Just about the only solace the Dems should take from this is that the next recession will likely occur during a Trump first term, and it will likely not be a "usual" recession, but a really bad one that will hurt all working class people enormously.

Here's why: We already have one of the longest (and weakest) economic expansions in history. The next recession will probably be unusually savage because the usual stimulators for moderating such recessions -- lowering interest rates and deficit spending -- are already largely tapped out. The savage effects of the next recession will not only be accentuated by a governing party that loathes U.S. cities and their residents.

The incumbent party, in this case the Republicans, will be blamed for it, just as the Democrats have been blamed for the failure of the current anemic expansion to make a real difference in most working class people's incomes.

But don't expect the Democrats to offer the sort of truly paradigm-altering programs we saw during the Great Depression -- unless forced to by massive opposition to BOTH parties from the ground up. Things like the three general strikes in 1934. Things like the occupations of all major workplaces and the formation of the mass, industrial unions in the immediate few years thereafter that forced the creation of America's first social safety net after many previous decades' failures.

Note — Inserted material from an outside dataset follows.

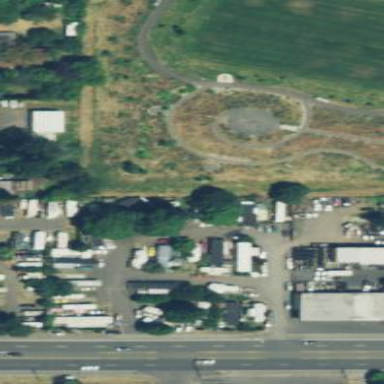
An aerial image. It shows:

Rather than tinker around the edges with phony "help the homeless" vouchers, token job-training programs and other such neoliberal nonsense that is common currency today, massive public works programs put millions to work, massive construction of affordable housing put people in homes, and rights like the 8 hour day and Social Security pensions for the elderly were won.

All of the promises of the early New Deal years began to go down the toilet when the independent left largely threw its lot in with Democrats in the 1936 election and thereafter. With the onset of WWII, McCarthyism and then the more severe recessions beginning in the 1970s, Democratic politicians increasingly attacked their own base. The same was seen after the Civil Rights and Black Power movements, when the remnants of those movements threw their lot in with the Democrats in the 1970s.

Unlike some Bernie supporters, I do not see that even the most robust New Deal style programs will even begin to solve the most fundamental, anti-human, anti-planet problems of capitalism. They will at best ameliorate them.

But this side of overthrowing capitalism, widespread amelioration is a better alternative to the far more savage results we saw during the 1930s in other countries. And for that we need to re-learn the lessons of the struggles of the 1930s, and how BOTH major parties were at the core of the problems, and not the solutions.